As a psuedo adult, I, in normal life doings, find that if there's a problem, yo I'll solve it. But nothing gets my goat, man, more than a problem that I have no control over the solution: house selling currently at the top of that list. I've done all that I humanly can on my end to sell this house and now, tomorrow, it is out of my hands into this great unknown abyss of faceless people to whom I can do nothing to cajole them into buying it. In that case, I turn to utter superstition. An old house selling 'stition is to bury a small statue of Saint Joseph in the backyard. Saint Joseph, a carpenter, has been appealed to, as storytelling has it, for centuries, in the name of opportune land transferal. According to the story, German nuns would bury Saint Joseph medals around the land they hoped to acquire for a new convent, hoping that St. Joe would intervene on their behalf so that might obtain it. My mother is a big fan of this tradition. It is said that St. Joe must be buried in the BACKyard, FACING the house and upside down (apparently, for reals, upside down makes him uncomfortable and he works faster. Whereas if you put him right side up, he'd take his own sweet celestial time?) She jokes that after instructing a home-selling cousin to do this, they buried him in the front yard facing the street and the house across the street, not even on the market, sold. After your house flies off the market thanks to Jesus' dad, you're supposed to dig him up and put him in a place of honor in the new digs. Otherwise, the house will continue to turn over to new owners -- a skip in the heavenly record of St. Joe's miraculous ways. After selling the last Omaha house in my youth, the clan had moved to Virginia before my mom remembered to dig up St. Joe. She fears, still, that she has sent that house into a veritable real estate tailspin by leaving him there.

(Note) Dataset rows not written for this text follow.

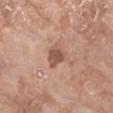follow-up: imaged on a skin check; not biopsied | anatomic site: the left forearm | illumination: white-light | patient: female, approximately 75 years of age | imaging modality: total-body-photography crop, ~15 mm field of view | size: about 2.5 mm.
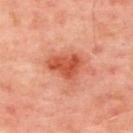Findings:
- lesion diameter · ~4 mm (longest diameter)
- subject · male, roughly 50 years of age
- illumination · cross-polarized
- image · 15 mm crop, total-body photography
- site · the upper back
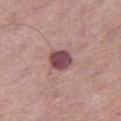follow-up — imaged on a skin check; not biopsied | site — the leg | patient — male, roughly 75 years of age | imaging modality — total-body-photography crop, ~15 mm field of view.
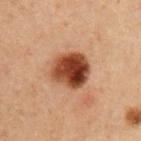- biopsy status · catalogued during a skin exam; not biopsied
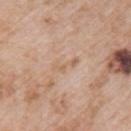The lesion was photographed on a routine skin check and not biopsied; there is no pathology result. Captured under white-light illumination. A close-up tile cropped from a whole-body skin photograph, about 15 mm across. The lesion is located on the arm. About 3.5 mm across. A female subject, roughly 70 years of age. The total-body-photography lesion software estimated a lesion area of about 3 mm², an eccentricity of roughly 0.95, and a shape-asymmetry score of about 0.5 (0 = symmetric). The software also gave an average lesion color of about L≈62 a*≈18 b*≈32 (CIELAB), a lesion–skin lightness drop of about 6, and a normalized lesion–skin contrast near 5. It also reported a classifier nevus-likeness of about 0/100 and lesion-presence confidence of about 90/100.
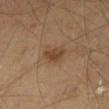Part of a total-body skin-imaging series; this lesion was reviewed on a skin check and was not flagged for biopsy.
The total-body-photography lesion software estimated a footprint of about 5.5 mm². It also reported an automated nevus-likeness rating near 70 out of 100 and a detector confidence of about 100 out of 100 that the crop contains a lesion.
From the left thigh.
A male patient roughly 70 years of age.
A region of skin cropped from a whole-body photographic capture, roughly 15 mm wide.
The lesion's longest dimension is about 3 mm.

Don't be fooled. I bought a St. Joseph statue. And it intends to be buried this evening -- I didn't want St. Joe getting on the selling bandwagon before I was ready to vacate the joint. All in good time, Joe. Amusingly, aforementioned friend D remarked that on his current travels through European Catholic kitche on pilgrimage path, there are signs in religious paraphernalia stores stating: "Catholicism is not MAGIC. Please don't bury Saint Joseph." Puh-lease. I totally intend to put St. Joe in the GROUND, man, and on his haloed head. To hedge my homeselling bets, I took the statue today to our church to have it blessed. That oughta include the choirs of heaven in our real estate endeavors. While I waited for the priest to come over to the parish office to perform the deed, the secretary asked, "You aren't going to bury that, are you?" I said, "Uh, yeah. I am totally going to bury it. That's how you make it work. " She leaned in, "Well, don't tell him that. Tell him you're putting it on the mantel or something." Right. Lie to the priest. That'll make Saint Joseph a party to my plan. Luckily, he didn't ask. And I whipped out some rosaries for him to bless, too, just to distract him from my oddly commercial looking Saint Joe statue. (It came in a kit. I appreciate commercialized, well packaged, efficient Catholicism.)

Sunday is our first open house. Unfortunately for me, I am working the Sunday nightshift, so I have to sleep all day Sunday to be ready for work. Which means I can't sit in my car outside like a pervert and watch anxiously as people leave our house trying desperately to read their faces or to talk on the phone loudly saying, "Oh honey, but this is the house that I REALLY LOVE, it's PERFECT. Did you see it's finished basement, 3 1/2 baths, vaulted ceilings, sunny kitchen and new carpeting?" And so I won't creep out potential buyers by actually sleeping in my bed when they come through the house, which would be super creepy when you think about it -- but I really could sleep through it -- I'm going to put in some Z's at the Bestie's house while she's away on vacay.

So. Seriously. Anybody want to buy a house?